> [What to work on] Retype every record exactly. Leave the pictures out.

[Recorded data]
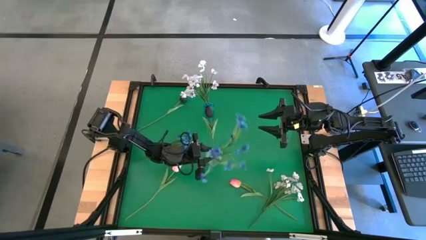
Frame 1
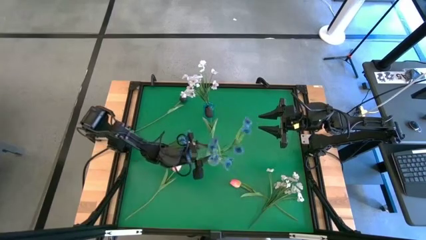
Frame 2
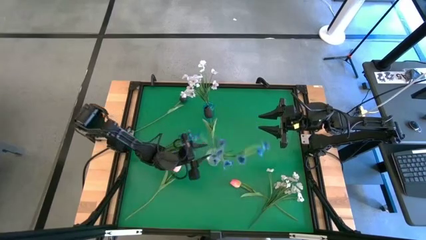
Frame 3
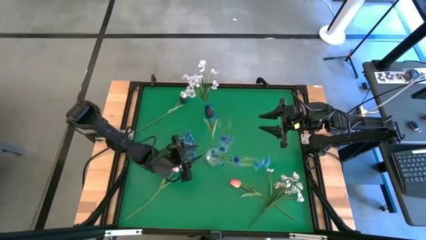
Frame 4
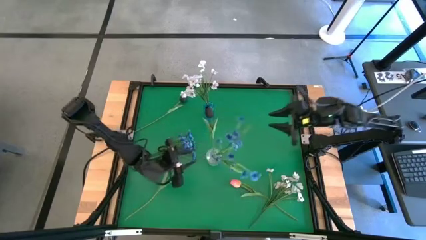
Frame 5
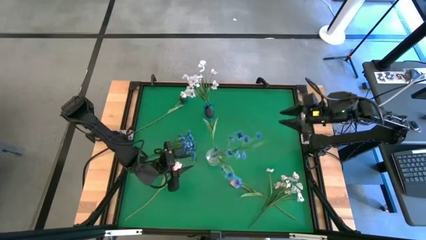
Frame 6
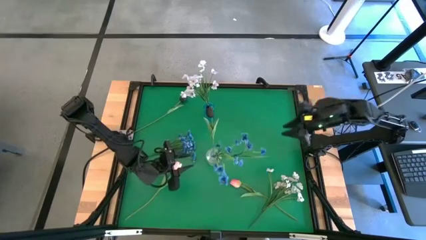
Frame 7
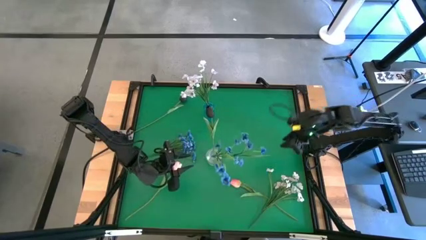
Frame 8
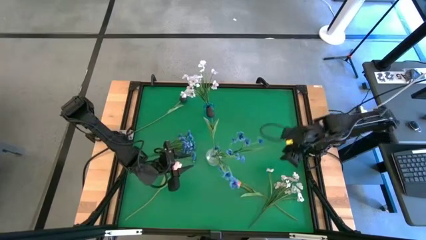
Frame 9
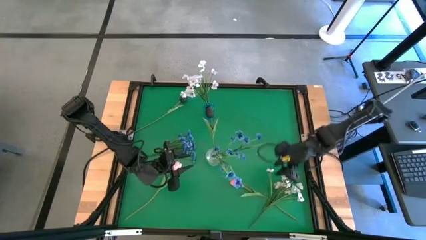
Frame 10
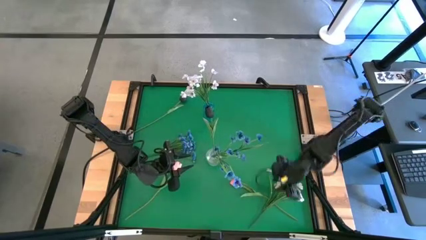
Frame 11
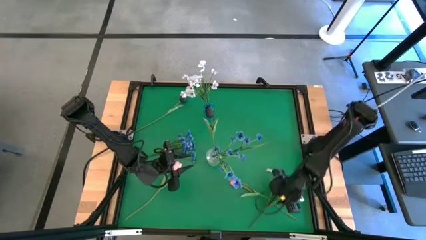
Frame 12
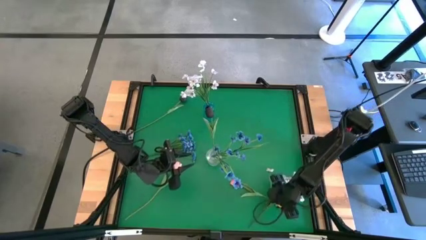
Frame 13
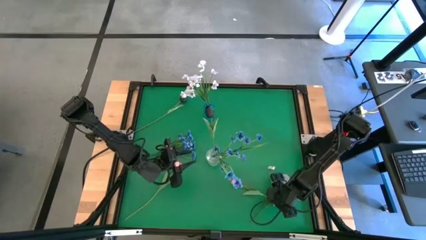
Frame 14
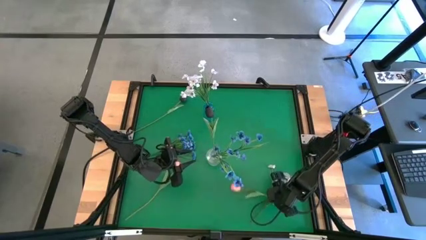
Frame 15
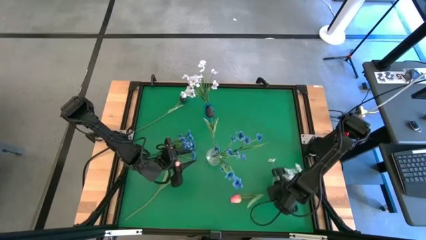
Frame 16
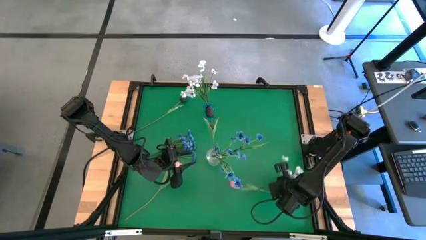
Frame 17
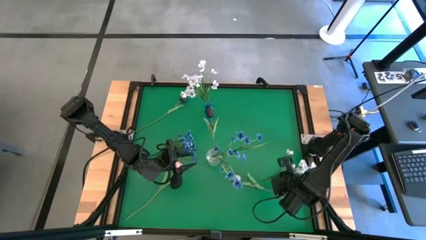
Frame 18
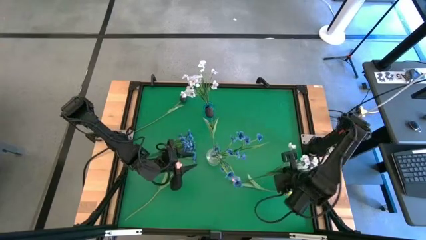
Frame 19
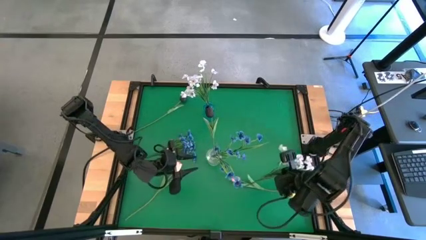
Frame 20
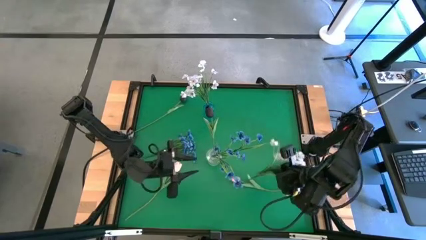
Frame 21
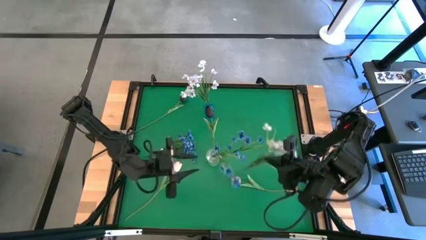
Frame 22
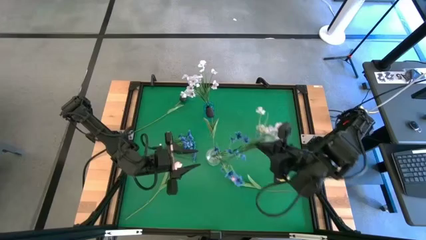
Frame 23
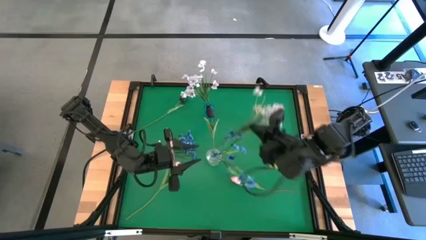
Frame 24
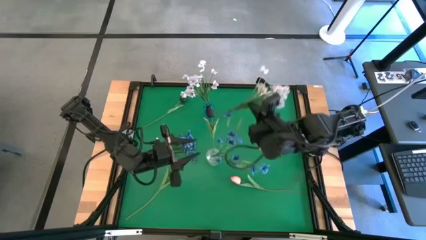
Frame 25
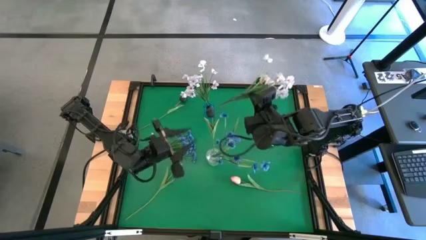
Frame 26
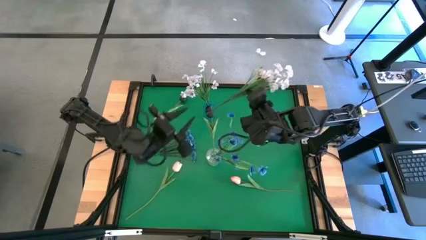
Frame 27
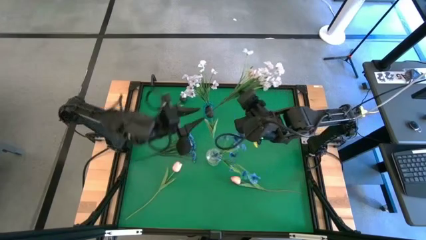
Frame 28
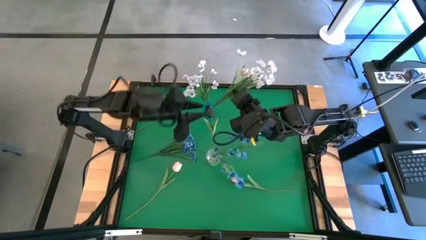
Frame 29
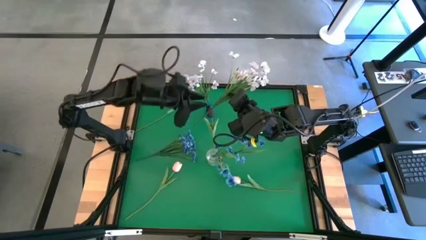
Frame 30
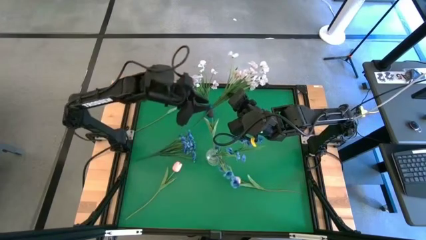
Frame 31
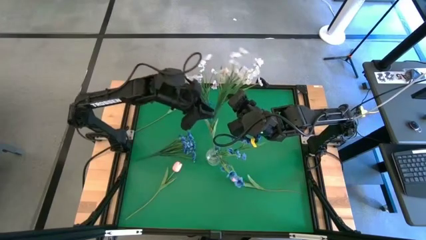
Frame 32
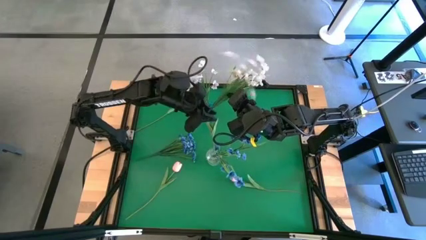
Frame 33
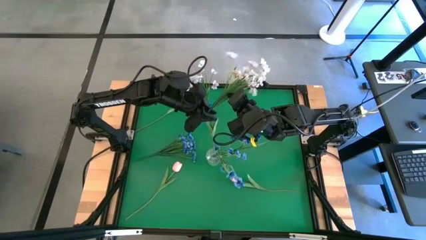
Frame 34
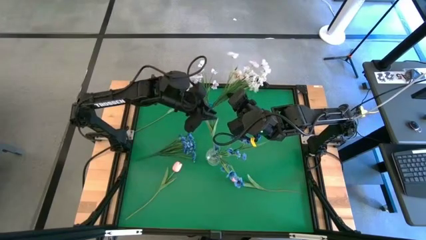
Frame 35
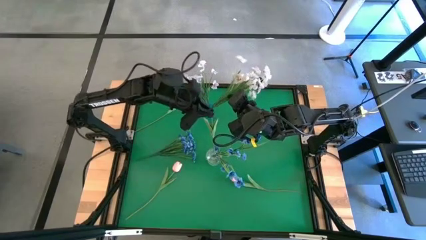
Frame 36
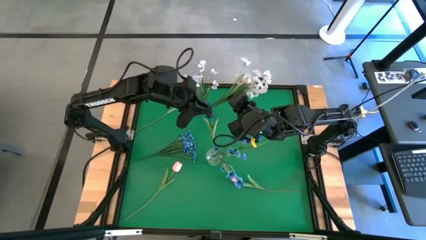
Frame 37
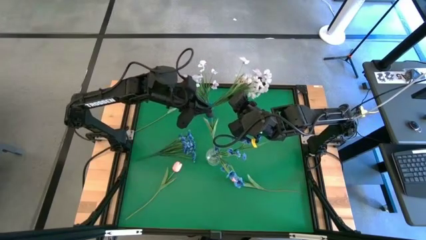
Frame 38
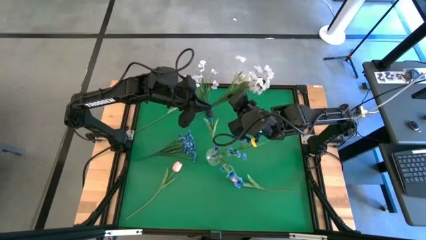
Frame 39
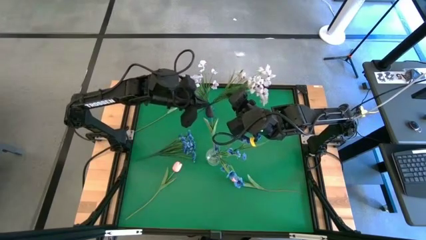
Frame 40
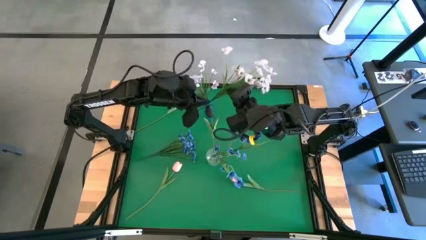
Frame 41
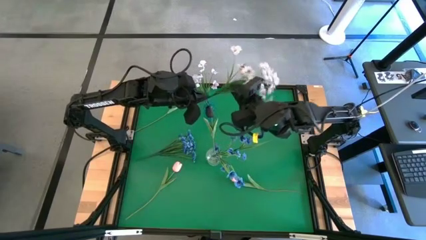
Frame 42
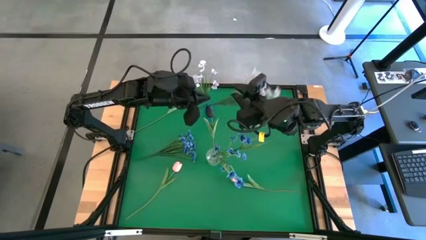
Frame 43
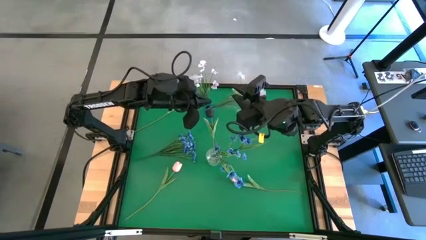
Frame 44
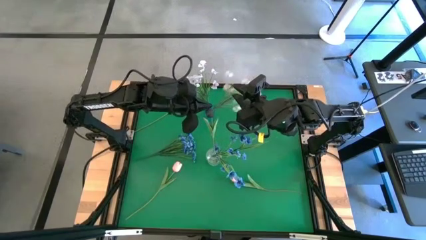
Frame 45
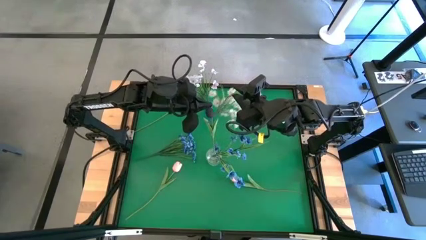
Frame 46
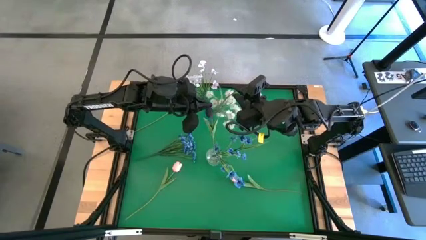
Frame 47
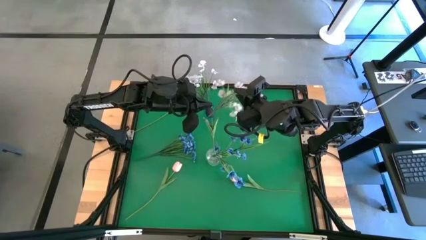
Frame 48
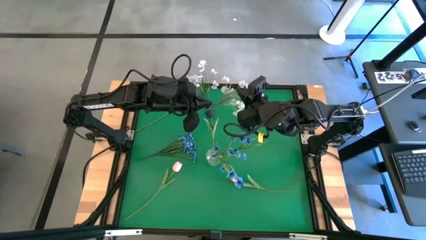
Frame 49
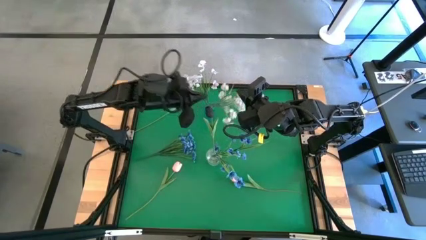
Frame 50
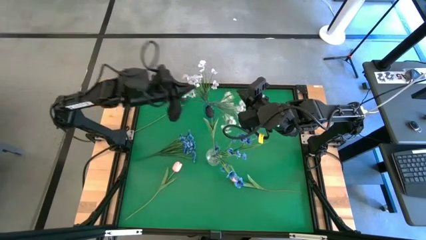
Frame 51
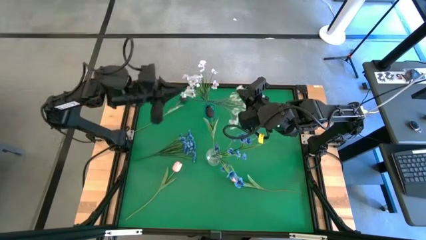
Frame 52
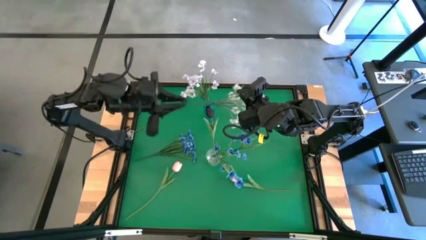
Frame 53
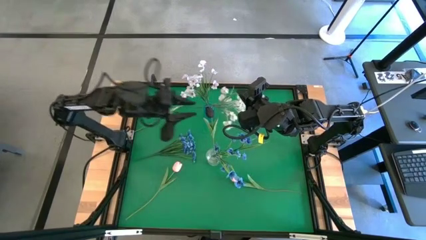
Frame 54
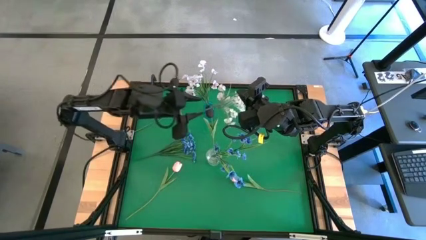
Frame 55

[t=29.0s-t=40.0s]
Task: Sort flowers into vase by color
Put the white flowers into the blue vase

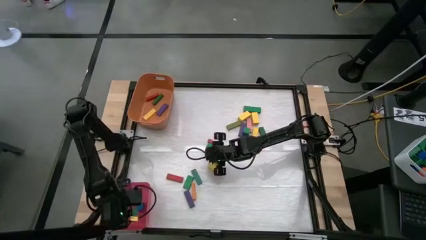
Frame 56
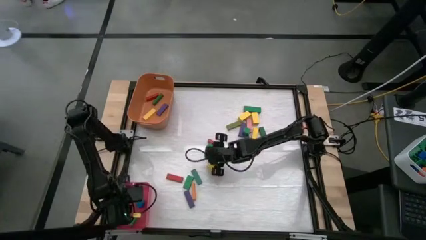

> [Result below]
Frame 1
Frame 2
Frame 3
Frame 4
Frame 5
Frame 6
Frame 7
Frame 8
Frame 9
Frame 10
Frame 11
Frame 12
Frame 13
Frame 14
Frame 15
Frame 16
Frame 17
Frame 18
Frame 19
Frame 20
Frame 21
Frame 22
Frame 23
Frame 24
Frame 25
Frame 26
Frame 27
Frame 28
Frame 29
Frame 30
Frame 31
Frame 32
Frame 33
Frame 34
Frame 35
Frame 36
Frame 37
Frame 38
Frame 39
Frame 40
Frame 41
Frame 42
Frame 43
Frame 44
Frame 45
Frame 46
Frame 47
Frame 48
Frame 49
Frame 50
Frame 51
Frame 52
Frame 53
Frame 54
Frame 55

[t=29.0s-t=40.0s]
Task: Sort flowers into vase by color
Put the white flowers into the blue vase

Frame 56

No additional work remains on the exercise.